The built-in solution¶
Ferenda uses the Pyparsing library in order to find and process citations. As an example, we’ll specify citation patterns and URI formats for references that occurr in RFC documents. These are primarily of three different kinds (examples come from RFC 2616):
- URL references, eg “GET http://www.w3.org/pub/WWW/TheProject.html HTTP/1.1”
- IETF document references, eg “STD 3”, “BCP 14” and “RFC 2068”
- Internal endnote references, eg “[47]” and “[33]”
We’d like to make sure that any URL reference gets turned into a link
to that same URL, that any IETF document reference gets turned into
the canonical URI for that document, and that internal endote
references gets turned into document-relative links, eg “#endnote-47”
and “#endnote-33”. (This requires that other parts of the
parse()
process has created IDs for
these in doc.body
, which we assume has been done).
Turning URL references in plain text into real links is so common that ferenda has built-in support for this. The support comes in two parts: First running a parser that detects URLs in the textual content, and secondly, for each match, running a URL formatter on the parse result.
At the end of your parse()
method,
do the following.
from ferenda import CitationParser
from ferenda import URIFormatter
import ferenda.citationpatterns
import ferenda.uriformats
# CitationParser is initialized with a list of pyparsing
# ParserElements (or any other object that has a scanString method
# that returns a generator of (tokens,start,end) tuples, where start
# and end are integer string indicies and tokens are dict-like
# objects)
citparser = CitationParser(ferenda.citationpatterns.url)

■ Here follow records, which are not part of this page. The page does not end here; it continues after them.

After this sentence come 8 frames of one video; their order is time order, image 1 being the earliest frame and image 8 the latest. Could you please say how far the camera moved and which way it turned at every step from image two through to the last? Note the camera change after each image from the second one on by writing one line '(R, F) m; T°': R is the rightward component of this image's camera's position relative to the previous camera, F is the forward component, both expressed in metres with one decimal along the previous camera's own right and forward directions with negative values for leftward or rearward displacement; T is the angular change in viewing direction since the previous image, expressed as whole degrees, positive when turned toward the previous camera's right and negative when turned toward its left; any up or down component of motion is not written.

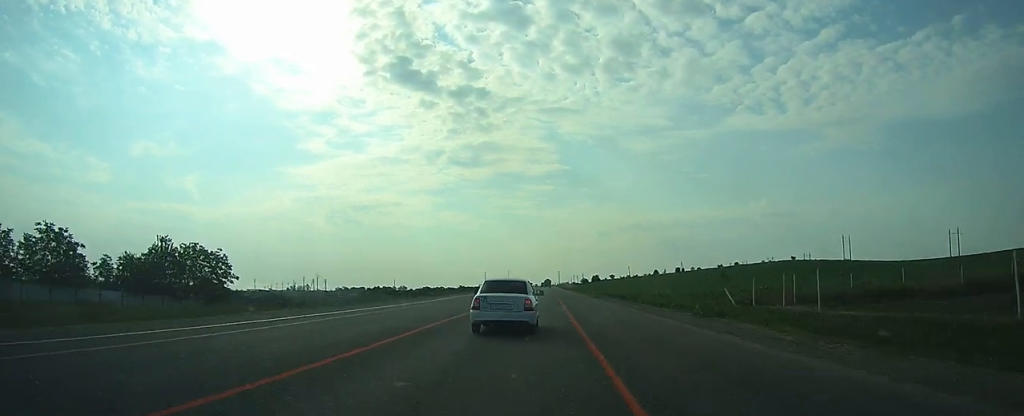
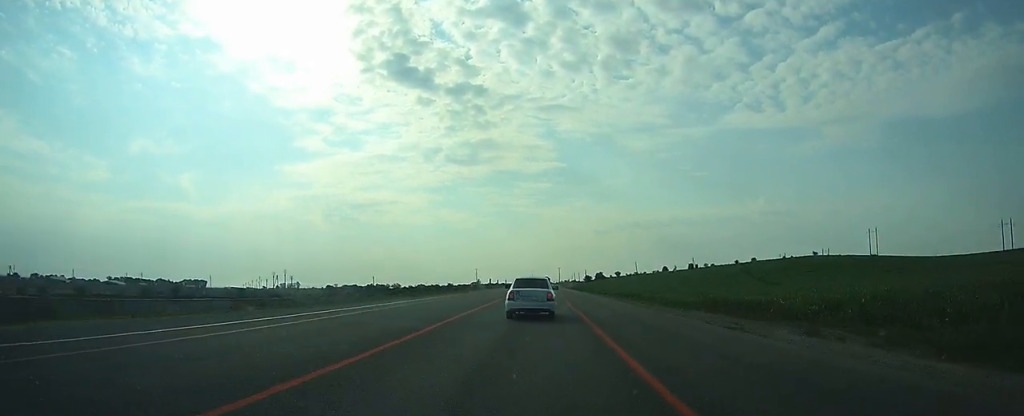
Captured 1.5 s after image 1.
(+0.2, +40.7) m; +1°
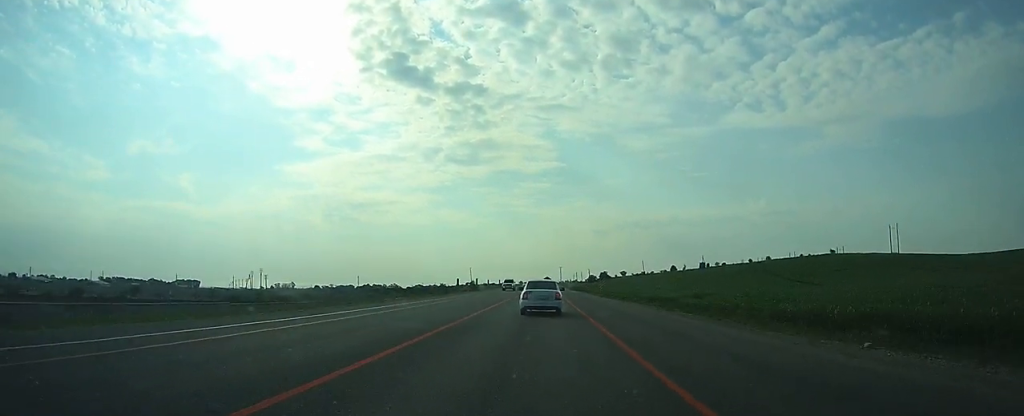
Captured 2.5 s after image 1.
(+0.1, +26.2) m; +1°
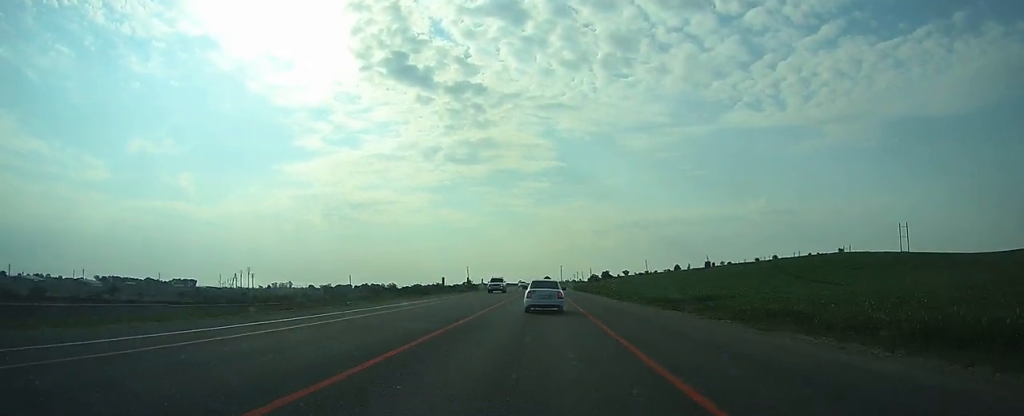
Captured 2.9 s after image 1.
(+0.1, +11.7) m; 0°
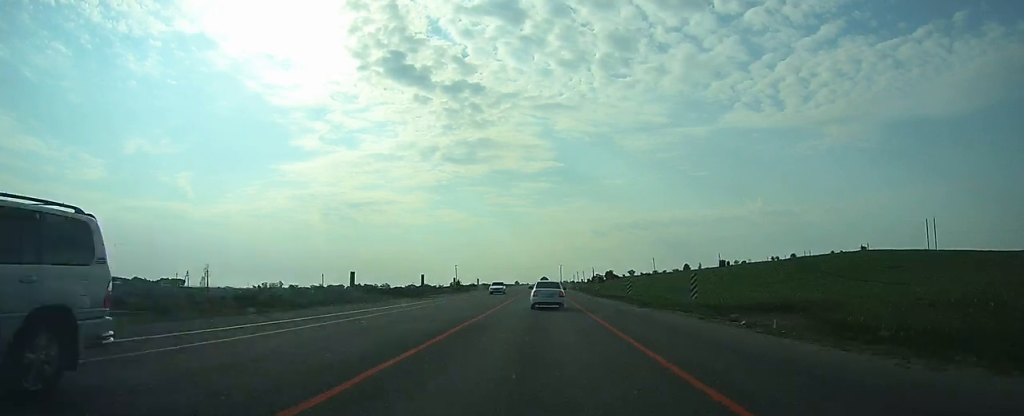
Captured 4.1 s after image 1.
(+0.1, +32.2) m; 0°
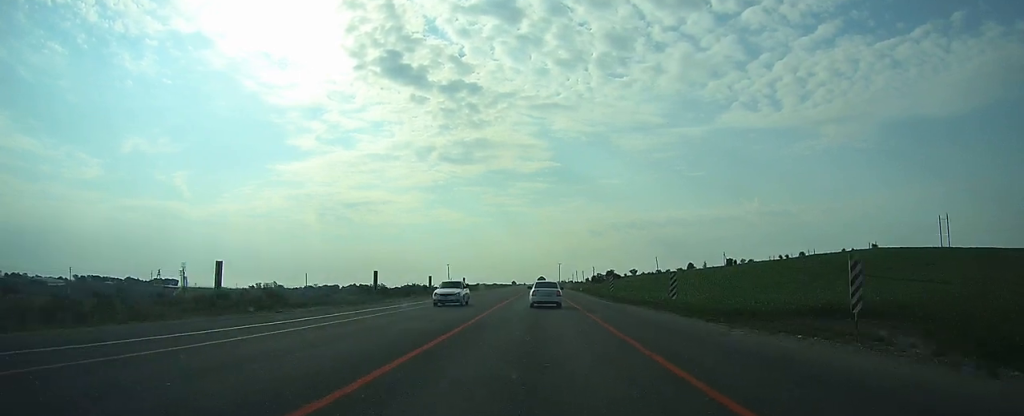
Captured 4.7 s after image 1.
(0.0, +15.1) m; 0°
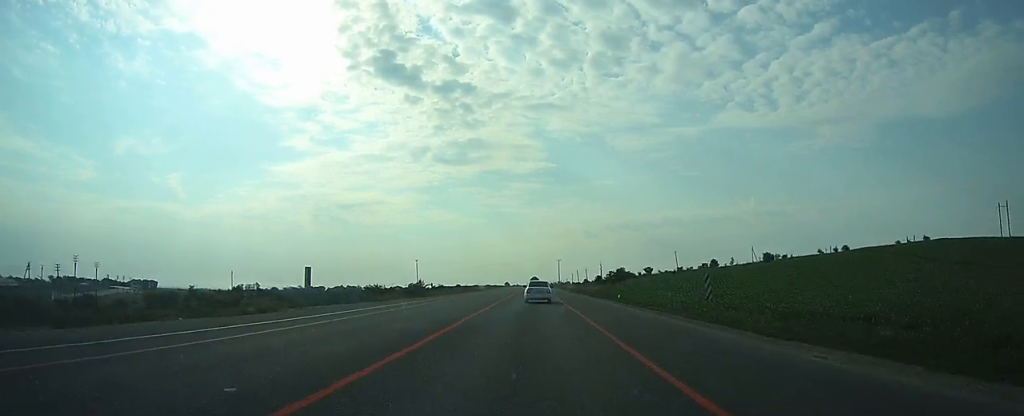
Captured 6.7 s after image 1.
(+0.1, +54.3) m; 0°
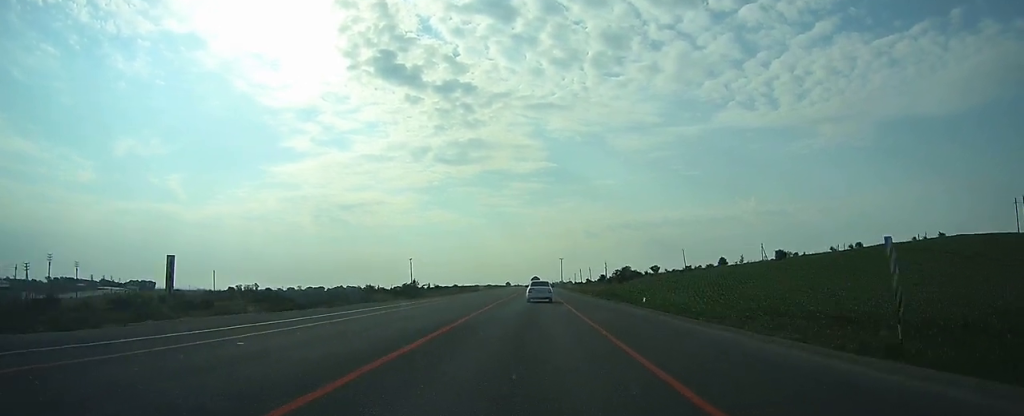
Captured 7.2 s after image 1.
(0.0, +11.3) m; 0°

# URIFormatter is initialized with a list of tuples, where each
# tuple is a string (identifying a named ParseResult) and a function
# (that takes as a single argument a dict-like object and returns a
# URI string (possibly relative)
citparser.set_formatter(URIFormatter(("URLRef", ferenda.uriformats.url)))

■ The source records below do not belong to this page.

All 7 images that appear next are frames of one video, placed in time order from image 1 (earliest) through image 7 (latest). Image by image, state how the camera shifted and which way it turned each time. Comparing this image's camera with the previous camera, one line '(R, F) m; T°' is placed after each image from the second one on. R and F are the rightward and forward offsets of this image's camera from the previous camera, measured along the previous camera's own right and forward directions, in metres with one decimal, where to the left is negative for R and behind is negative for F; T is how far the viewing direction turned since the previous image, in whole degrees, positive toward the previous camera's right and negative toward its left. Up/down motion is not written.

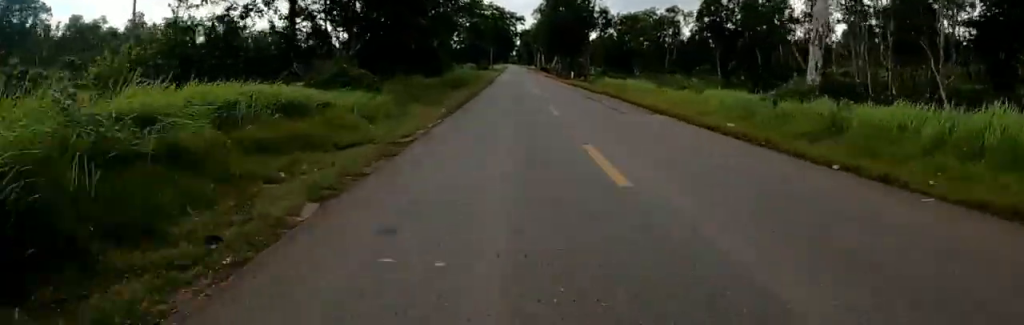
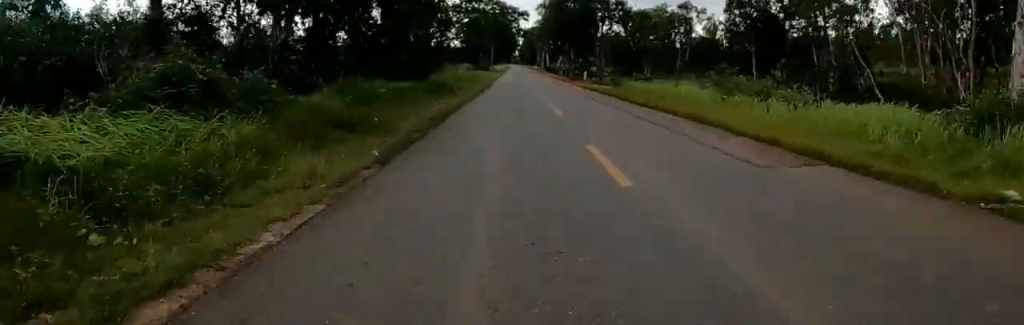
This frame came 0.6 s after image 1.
(-0.5, +7.8) m; -4°
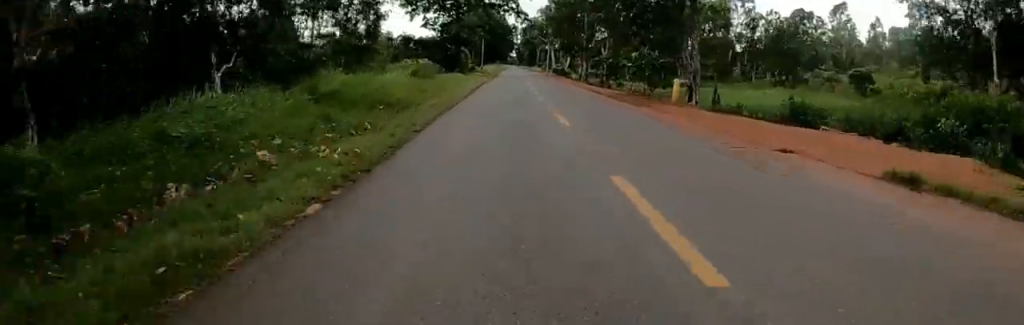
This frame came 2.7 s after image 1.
(-0.1, +27.8) m; 0°
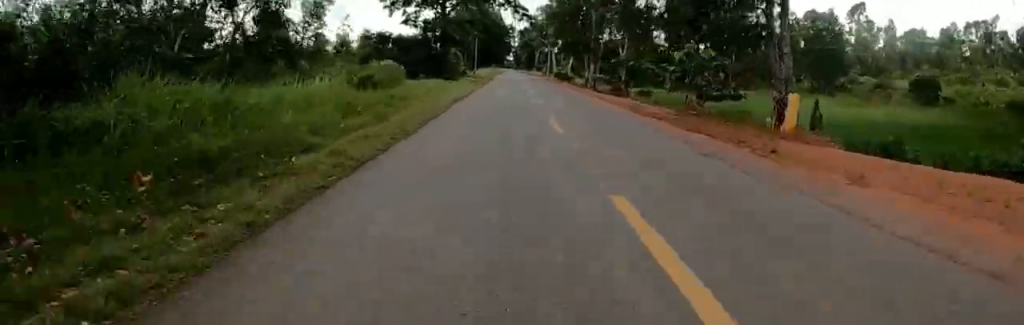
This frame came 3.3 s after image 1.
(0.0, +9.2) m; 0°
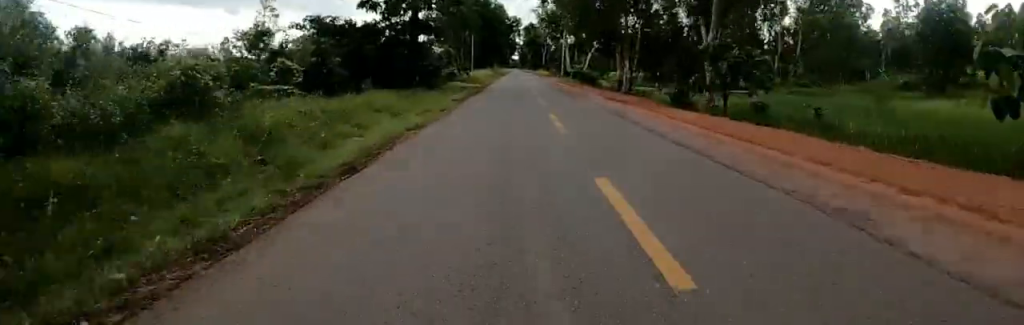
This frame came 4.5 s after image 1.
(0.0, +15.9) m; 0°
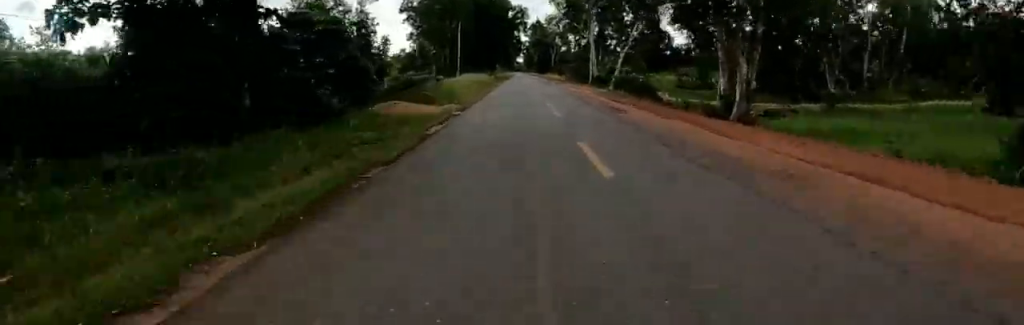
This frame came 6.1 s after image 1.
(+1.5, +19.7) m; +7°
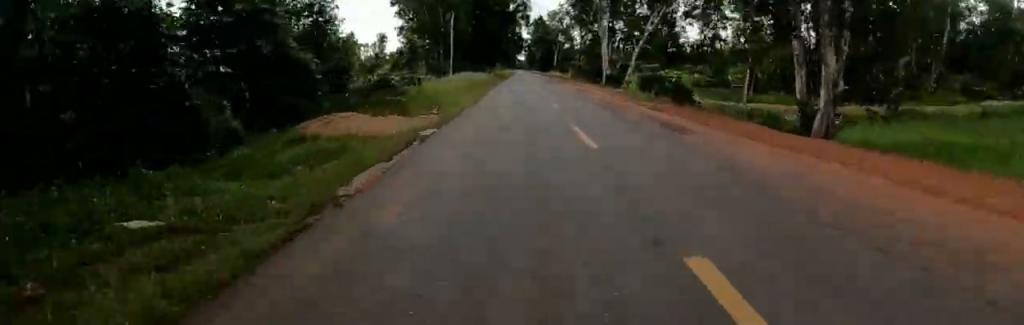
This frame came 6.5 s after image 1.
(+0.7, +5.9) m; 0°

citparser.parse_recursive(doc.body)
The parse_recursive()
takes any
elements
document tree and modifies it in-place to
mark up any references to proper Link
objects.
Extending the built-in support¶
Building your own citation patterns and URI formats is fairly
simple. First, specify your patterns in the form of a pyparsing
parseExpression, and make sure that both the expression as a whole,
and any individual significant properties, are named by calling
.setResultName
.
Then, create a set of formatting functions that takes the named properties from the parse expressions above and use them to create a URI.
Finally, initialize a CitationParser
object from
your parse expressions and a URIFormatter
object
that maps named parse expressions to their corresponding URI
formatting function, and call
parse_recursive()
from pyparsing import Word, nums
from ferenda import CitationParser
from ferenda import URIFormatter
import ferenda.citationpatterns
import ferenda.uriformats
# Create two ParserElements for IETF document references and internal
# references
rfc_citation = "RFC" + Word(nums).setResultsName("RFCRef")
bcp_citation = "BCP" + Word(nums).setResultsName("BCPRef")
std_citation = "STD" + Word(nums).setResultsName("STDRef")
ietf_doc_citation = (rfc_citation | bcp_citation | std_citation).setResultsName("IETFRef")
endnote_citation = ("[" + Word(nums).setResultsName("EndnoteID") + "]").setResultsName("EndnoteRef")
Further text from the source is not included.